Светлый фон

История о сущностях и вместилищах была слишком удобной, чтобы сходу принять ее на веру, и слишком хорошо вплеталась в паутину лжи, которой князь Иэнны опутал своих потомков. Дион хотел ответить резкостью. Но следующие слова заставили его забыть о возражениях:

— Границу между мирами способны пересечь только свет, мысль и… — Линт помедлил, ловя взгляд Диона. — Сила, которую у нас принято называть истинной. Она заполняет межмировое пространство и являет собой чистую энергию. Эта энергия статична и нейтральна, и когда информационный слепок наделенной сознанием сущности проходит через межмировое пространство, он увлекает за собой некоторое количество энергии, сообщая ей смысл и цель. Если сумеет, конечно. Твоя Елена — сумела. И обретенная сила дала ей неоспоримое преимущество в борьбе за вместилище.

— Значит, Иэнне понадобилась истинная сила… — Дион попытался сформулировать ускользающую мысль.

Елена, услышав свое имя, вскинула голову.

— Зачем? — ее глаза блестели сухо и зло. — Что вам от меня нужно?

Линт Герд в зеркале склонил голову.

— Это известно лишь госпоже.

— И когда она соизволит мне сообщить?.. Когда Леннея умрет?

— Хотите поговорить с ней? С Леннеей Дювор. Я могу вызвать ее, — предложил отец.

— Нет!

Елена испуганно отшатнулась.

— Не сейчас, — прошептала она, закрыв лицо руками.
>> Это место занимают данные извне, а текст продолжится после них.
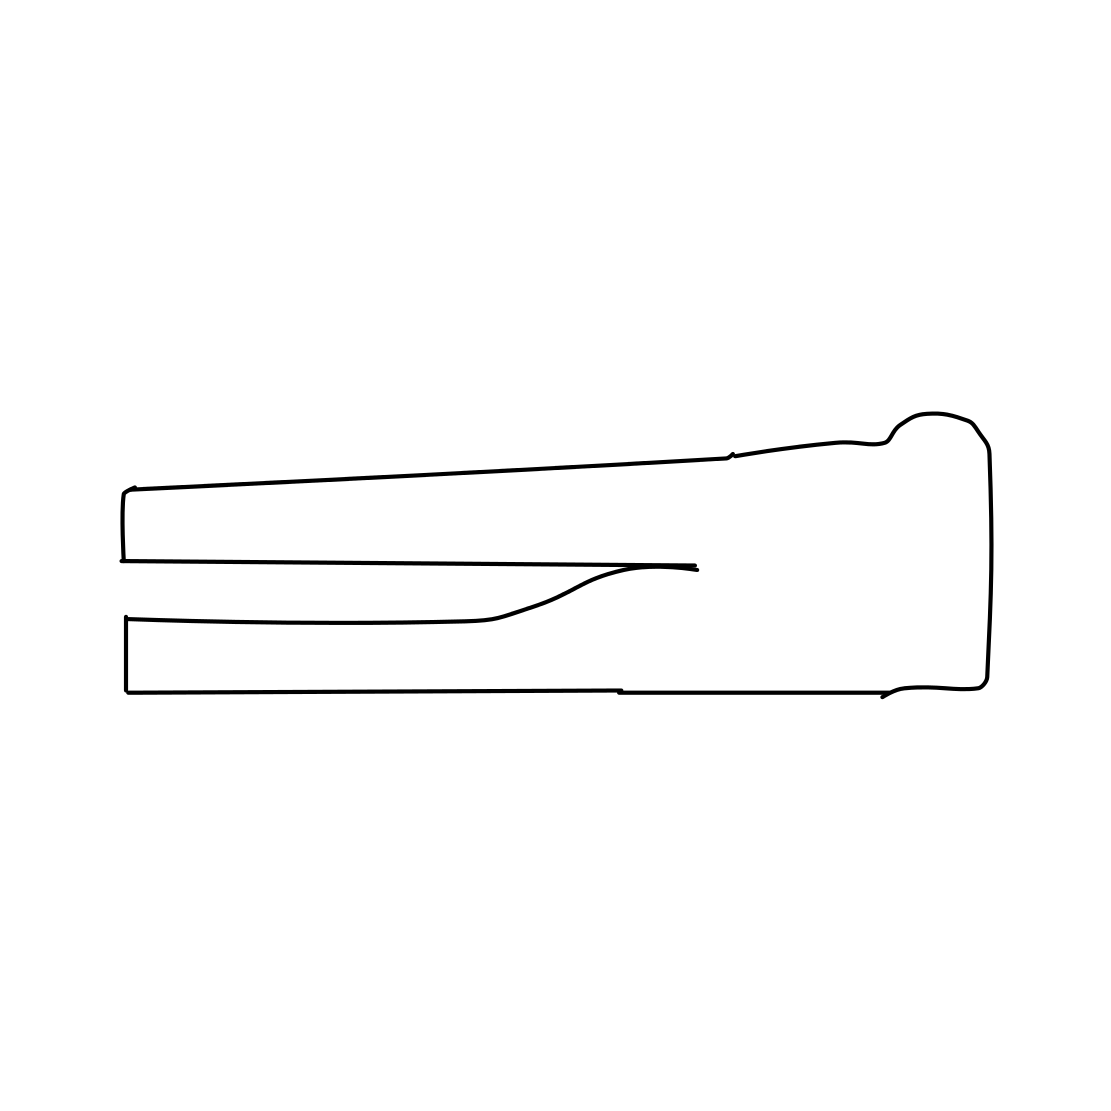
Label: stapler
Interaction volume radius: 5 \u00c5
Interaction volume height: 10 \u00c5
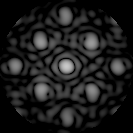
Disorder parameter: 0.246

Хотелось прекратить эту пытку, увести жену наверх, прижать к себе и заставить забыть о страшном открытии.

— Это как на войне, — сказал вдруг отец. — Или ты, или тебя. Не жалейте о ней, Елена. Она бы вас не пожалела.

— Она всего лишь испуганный одинокий ребенок. Я знаю, что она чувствовала, я примерила на себя ее жизнь.

— Она убила мою дочь, — отрезал Линт Герд.

Диона обожгло жалостью и виной. Насколько было бы проще, если бы Леннея исчезла. Но Елена права. Маленькая солнечная девочка в ромашках и бабочках не заслужила такого конца. Ради того нежного розового утра в саду двенадцать лет назад этой девочке следовало дать шанс. Но как? Он не представлял. И если выбирать между Леннеей и Еленой…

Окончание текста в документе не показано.